There are more reasons to think of, but I hope those give you an idea of why the marginal costs increase.
• At , why exactly does marginal cost rise? • The answer to this question takes us to concept of efficiency and inefficient production. I would add certain more assumptions to above example mentioned by Sal. Suppose the Juicer you have capacity of juicing 10,000 oranges a day efficiently, and after juicing 10,000 oranges, it gets heat up, consumes more energy and produces juice at higher cost. So the variable cost of juicing oranges beyond 10,000 is more than till 10k. Juicer is becoming less efficient and that's why marginal cost is rising. As we might see in later videos, you might consider buying another juicer and add to your fixed cost to reduce this variable cost.
• I've learned that a company should shut down in the short-run if the market price falls below the AVC. From this video, it seems like it should already be doing so when the price (=marginal revenue?) falls below MC? What am I misinterpreting? [example source: http://study.com/academy/lesson/average-variable-cost-avc-definition-function-equation.html]
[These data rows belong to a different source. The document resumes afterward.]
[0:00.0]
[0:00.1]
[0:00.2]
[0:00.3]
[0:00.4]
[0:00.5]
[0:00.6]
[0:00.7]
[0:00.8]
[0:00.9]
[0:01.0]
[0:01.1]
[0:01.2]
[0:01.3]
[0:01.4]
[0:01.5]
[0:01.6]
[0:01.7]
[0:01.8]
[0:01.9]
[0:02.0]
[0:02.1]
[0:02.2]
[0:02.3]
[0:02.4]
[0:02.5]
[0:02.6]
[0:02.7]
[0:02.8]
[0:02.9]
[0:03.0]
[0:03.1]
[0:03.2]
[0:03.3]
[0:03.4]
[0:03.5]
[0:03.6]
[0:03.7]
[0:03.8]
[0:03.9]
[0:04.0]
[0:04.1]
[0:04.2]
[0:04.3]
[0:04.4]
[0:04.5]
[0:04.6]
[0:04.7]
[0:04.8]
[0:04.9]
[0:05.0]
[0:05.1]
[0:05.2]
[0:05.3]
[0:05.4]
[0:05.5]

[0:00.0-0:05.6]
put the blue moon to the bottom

With the example given in this lecture, what would occur if the market price falls to 0.4? It would still be above AVC but below MC.
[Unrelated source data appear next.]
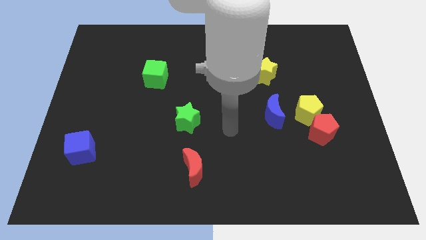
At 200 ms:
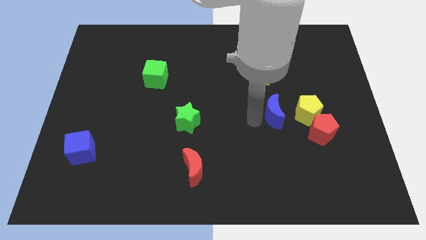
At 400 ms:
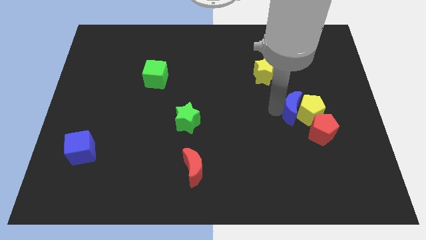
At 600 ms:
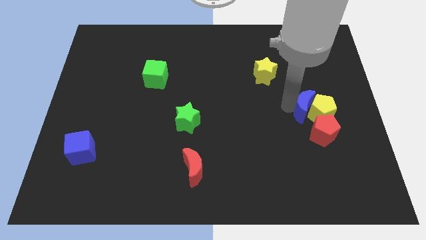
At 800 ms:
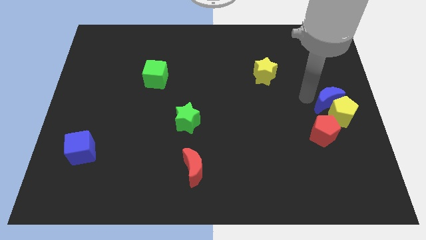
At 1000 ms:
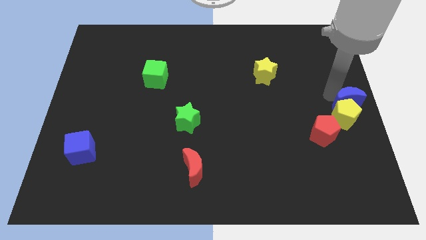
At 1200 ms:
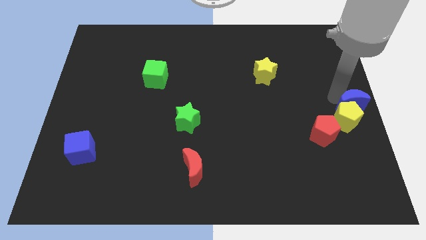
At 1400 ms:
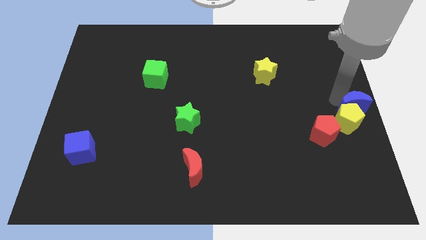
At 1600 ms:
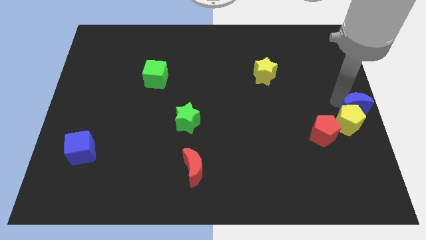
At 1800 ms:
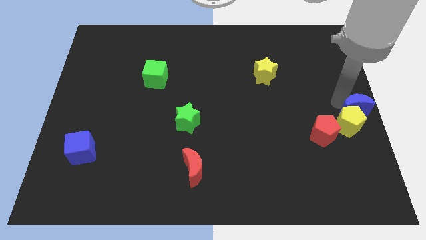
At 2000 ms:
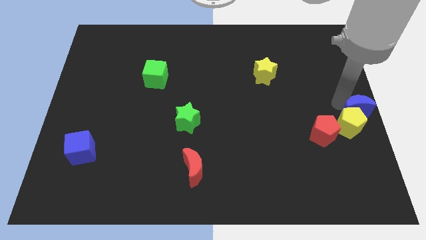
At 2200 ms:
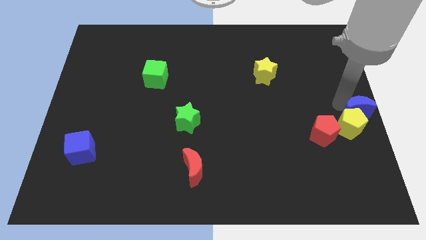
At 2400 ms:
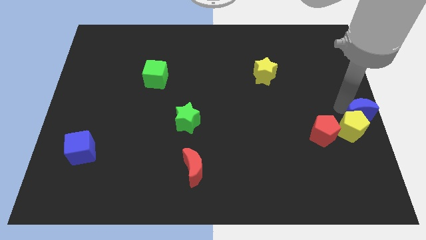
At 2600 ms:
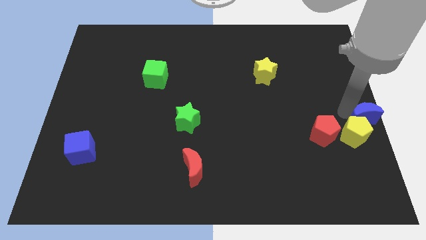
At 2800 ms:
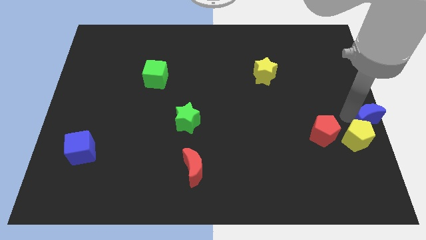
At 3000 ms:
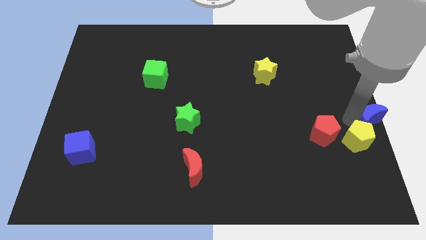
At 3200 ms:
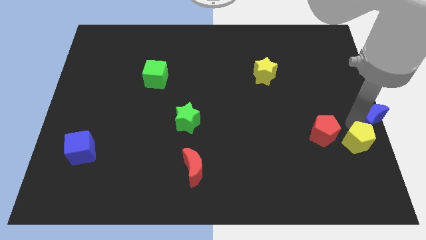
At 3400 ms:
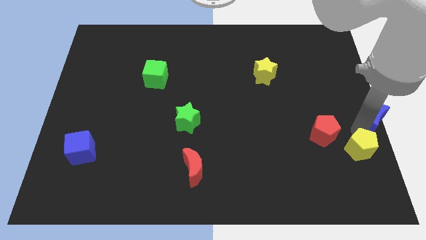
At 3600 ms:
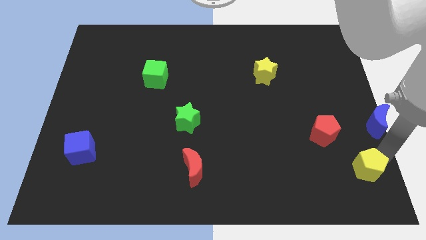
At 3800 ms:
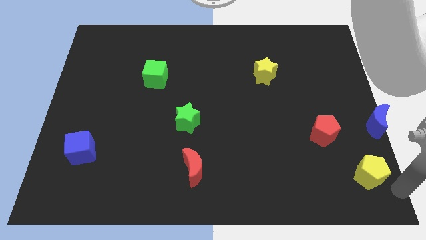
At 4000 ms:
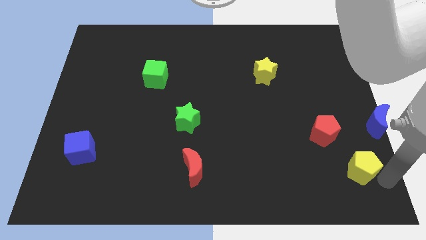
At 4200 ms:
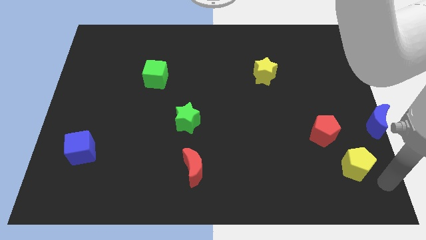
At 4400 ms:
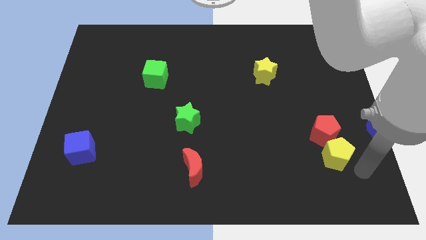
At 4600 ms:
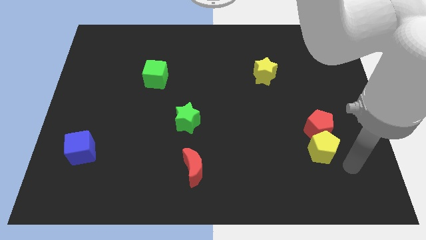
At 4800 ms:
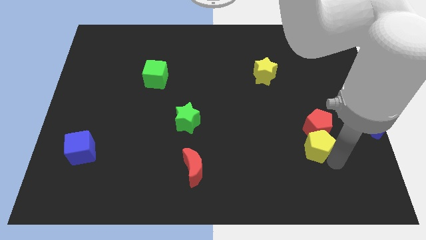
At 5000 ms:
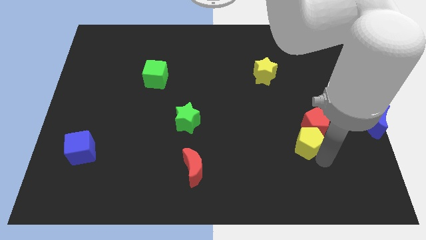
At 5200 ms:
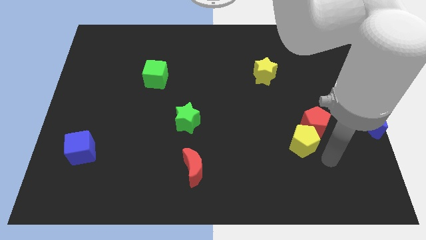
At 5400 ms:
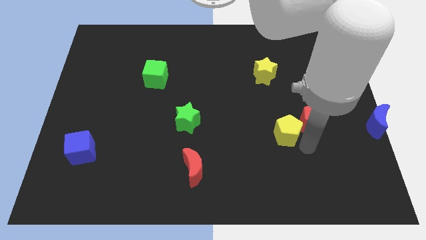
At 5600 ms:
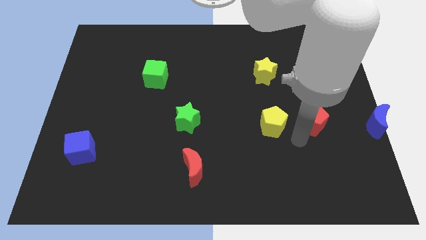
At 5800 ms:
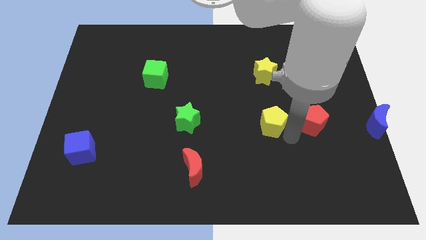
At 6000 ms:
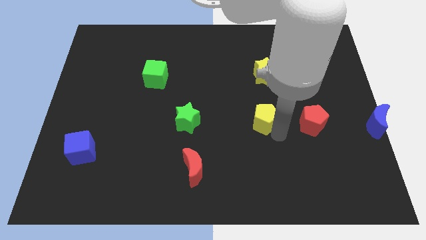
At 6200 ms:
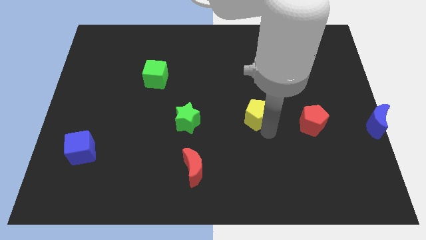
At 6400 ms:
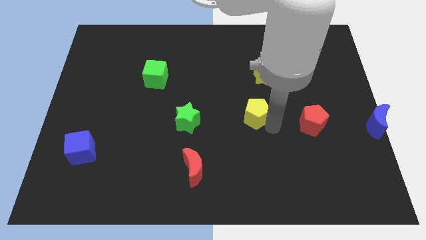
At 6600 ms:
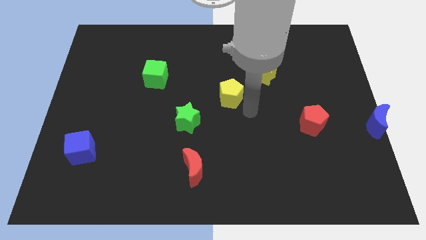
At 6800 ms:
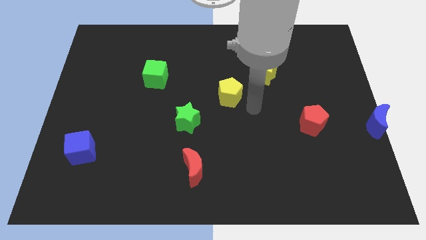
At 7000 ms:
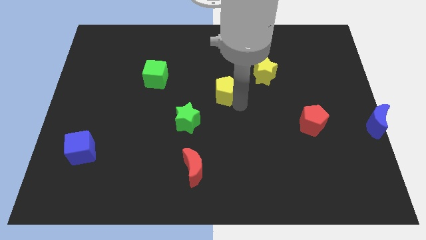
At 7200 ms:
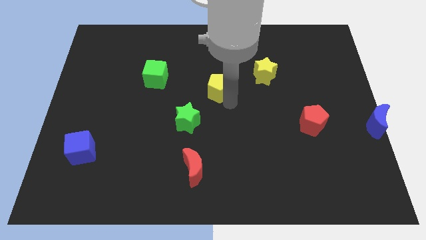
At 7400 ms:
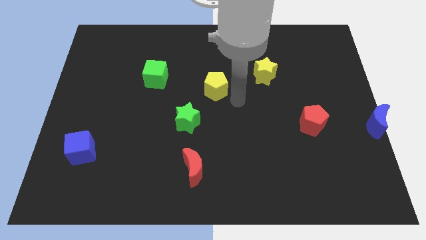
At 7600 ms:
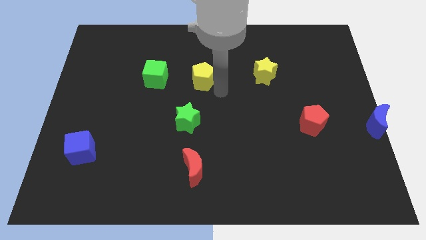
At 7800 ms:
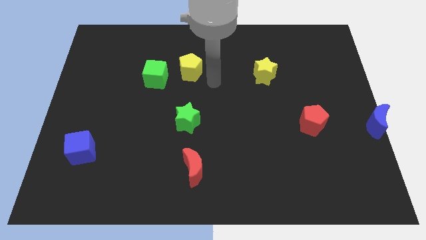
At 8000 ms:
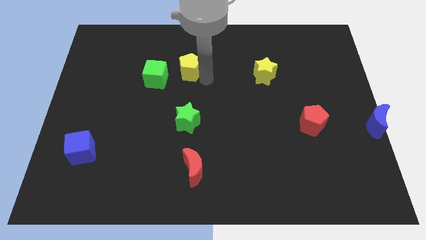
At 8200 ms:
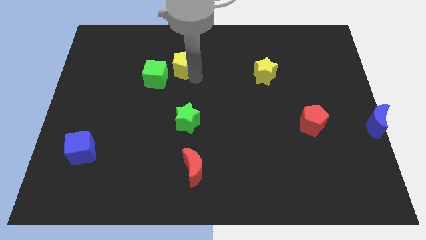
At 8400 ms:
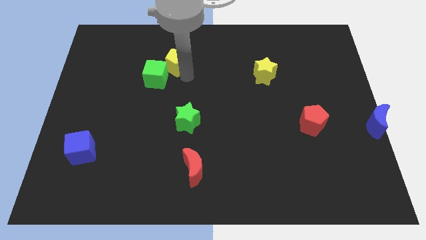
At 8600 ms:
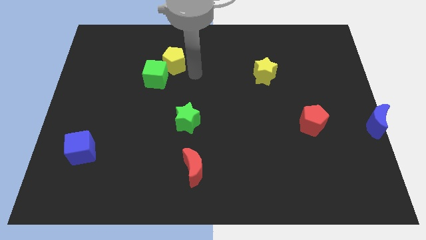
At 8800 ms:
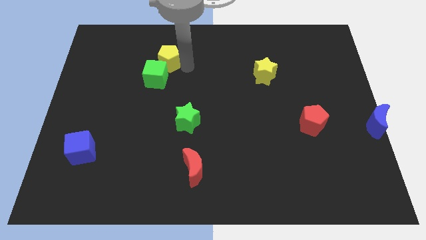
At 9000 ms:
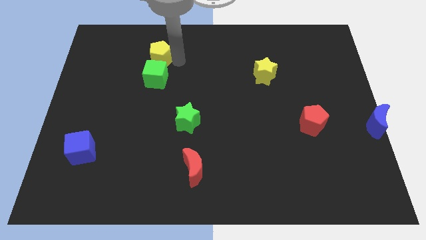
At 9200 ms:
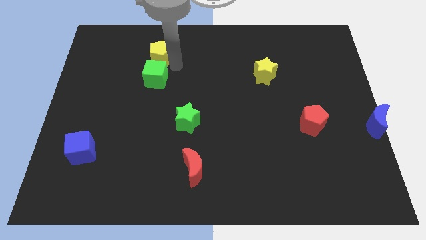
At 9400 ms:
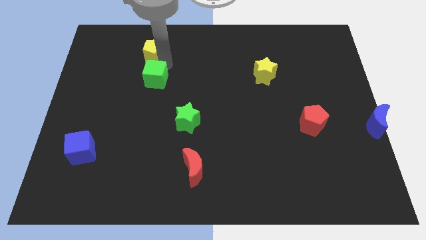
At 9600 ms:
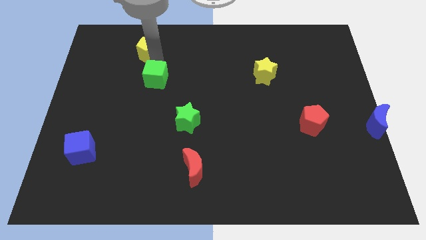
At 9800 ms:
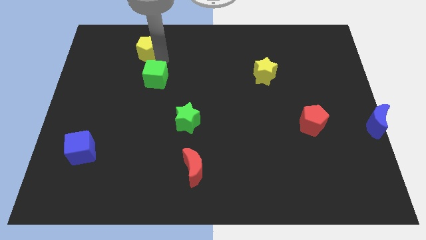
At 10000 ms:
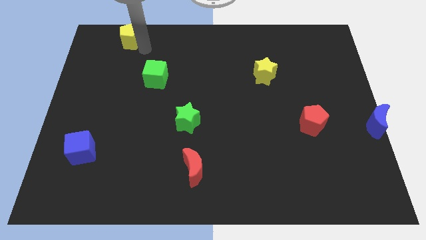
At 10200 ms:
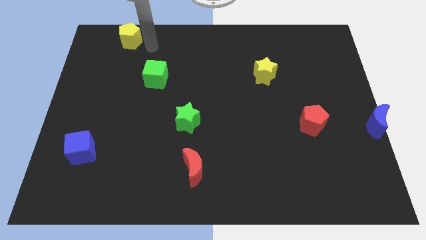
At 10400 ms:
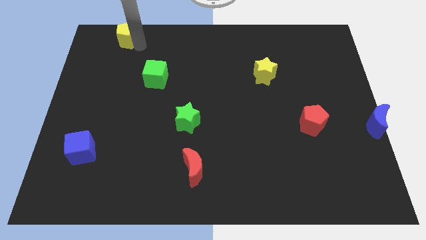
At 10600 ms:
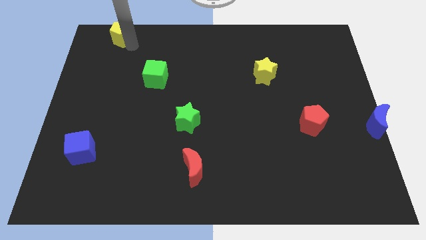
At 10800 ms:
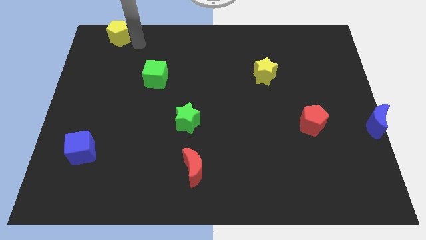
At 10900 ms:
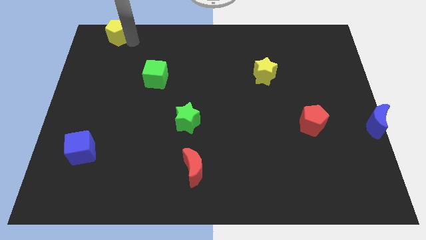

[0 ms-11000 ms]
put the yellow pentagon to the upper left corner

Or is the difference simply that MC can turn out to be the same as AVC with constant unit costs (as in https://www.youtube.com/watch?v=7XDEo2o-wm0&index=2&list=PLMrpXL7ZxXYXIStJLFOAoYv2hPDhXMNQB)?
(1 vote) • I disagree with the claim in the video of study.com that you should keep producing until the TVC gets above the price while I agree with the claim in Khan Academy's video that you should keep producing as long as MR is larger than MC.

Let's use the data in the Khan Academy video to show why I think that.
When you keep producing until AVC = MR, you will produce 10,000 gallons of juice. The revenue is 10,000 * 0.4 = 4,000 and the total costs are 4,910, so the loss is \$910.

When you keep producing until MC = MR, you will produce 7,000 gallons of juice. The revenue is 7,000 * 0.4 = 2,800 and the total costs are 3410, so the loss is \$610. This loss is lower, so producing 7,000 gallons is wiser than producing 10,000 gallons.

On a final note, yes, price = marginal revenue. I hope this cleared things up.